Większość z nas – jeśli nie zajmujemy się zawodowo psychologią – nie wie, że istnieją ludzie, którzy mogą widzieć przedmioty przez skórę, mimo że mają całkowicie uszkodzony wzrok. Ba! Udowodniono, że nawet jeśli ktoś jest niewidomy od urodzenia, może dzięki skórze doznawać złudzeń wzrokowych! Te zjawiska psycholodzy nazwali widzeniem skórnym. Równie absurdalne wydaje się twierdzenie, że człowiek może przez skórę słyszeć dźwięki. A jednak...
„Poczuć” dźwięk
Jaki jest najstarszy zmysł? To pytanie brzmi trochę dziwnie, wygląda jednak na to, że istnieje „przodek wszystkich zmysłów”. Jest nim dotyk. Z niego prawdopodobnie u pradawnych zwierząt rozwinęły się inne zmysły – węch, smak, słuch, a być może nawet wzrok. Węch można potraktować jako odmianę dotyku.

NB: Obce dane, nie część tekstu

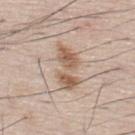Notes:
– workup · no biopsy performed (imaged during a skin exam)
– lighting · white-light
– image source · ~15 mm crop, total-body skin-cancer survey
– subject · male, in their mid-70s
– size · ~5.5 mm (longest diameter)
– location · the upper back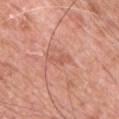Q: Is there a histopathology result?
A: catalogued during a skin exam; not biopsied
Q: Automated lesion metrics?
A: an outline eccentricity of about 0.95 (0 = round, 1 = elongated) and a shape-asymmetry score of about 0.35 (0 = symmetric); a mean CIELAB color near L≈58 a*≈27 b*≈30, about 7 CIELAB-L* units darker than the surrounding skin, and a normalized border contrast of about 5; a border-irregularity index near 4.5/10, a within-lesion color-variation index near 0/10, and a peripheral color-asymmetry measure near 0
Q: Patient demographics?
A: male, aged around 60
Q: What is the imaging modality?
A: total-body-photography crop, ~15 mm field of view
Q: Where on the body is the lesion?
A: the chest
Q: Lesion size?
A: ≈3 mm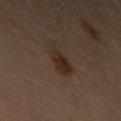No biopsy was performed on this lesion — it was imaged during a full skin examination and was not determined to be concerning. The tile uses cross-polarized illumination. A close-up tile cropped from a whole-body skin photograph, about 15 mm across. The lesion is on the left upper arm. A female subject in their 30s. The lesion's longest dimension is about 3.5 mm. Automated image analysis of the tile measured a mean CIELAB color near L≈20 a*≈11 b*≈18, a lesion–skin lightness drop of about 5, and a normalized lesion–skin contrast near 7.5. It also reported a border-irregularity rating of about 3.5/10 and peripheral color asymmetry of about 1. The software also gave a nevus-likeness score of about 75/100 and a lesion-detection confidence of about 100/100.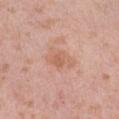Image and clinical context:
From the left thigh. A female subject in their 40s. A lesion tile, about 15 mm wide, cut from a 3D total-body photograph.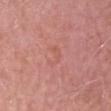Image and clinical context:
This image is a 15 mm lesion crop taken from a total-body photograph. Measured at roughly 2.5 mm in maximum diameter. A male patient, in their mid- to late 80s or older. Located on the head or neck.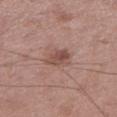notes = imaged on a skin check; not biopsied
image = total-body-photography crop, ~15 mm field of view
size = about 3.5 mm
subject = male, aged around 50
lighting = white-light illumination
site = the left lower leg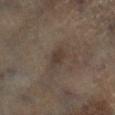Impression: The lesion was photographed on a routine skin check and not biopsied; there is no pathology result. Context: Approximately 3 mm at its widest. A male subject, roughly 65 years of age. A roughly 15 mm field-of-view crop from a total-body skin photograph. On the left lower leg. Imaged with cross-polarized lighting.

W swojej istocie odbieranie zapachów polega bowiem na tym, że cząsteczka chemiczna wpada wraz z powietrzem do jamy nosowej i tam „przykleja się” do receptora węchowego – komórki nerwowej, która reaguje wtedy, gdy zostanie pobudzona przez odpowiedni związek chemiczny.
W gruncie rzeczy mamy tu więc do czynienia z dotykiem – związek chemiczny musi „dotknąć” receptora, aby wywołać jego reakcję. Podobnie działa zmysł smaku – zarówno narząd smaku, jak i węchu to te miejsca na skórze, które w toku ewolucji stawały się coraz to bardziej wrażliwe na działanie pewnych związków chemicznych. Gdy przyłożymy dłonie do radia, które głośno gra, poczujemy wibracje. Bez wątpienia mamy tu do czynienia z dotykiem.
reklama
Jeśli jednak radio gra bardzo głośno, a my mamy wrażliwą skórę, to poczujemy wibracje nawet jeśli tylko zbliżymy dłoń do głośnika, choć faktycznie go nie dotkniemy. Fale dźwiękowe odkształcą delikatnie naszą skórę, tak jak membranę bębna i wtedy „czujemy” dźwięk. Czy to jest jednak nadal dotyk, czy już słuch? W końcu wyczuliśmy dźwięk na odległość, bez dotykania, choć za pomocą skóry, a nie uszu.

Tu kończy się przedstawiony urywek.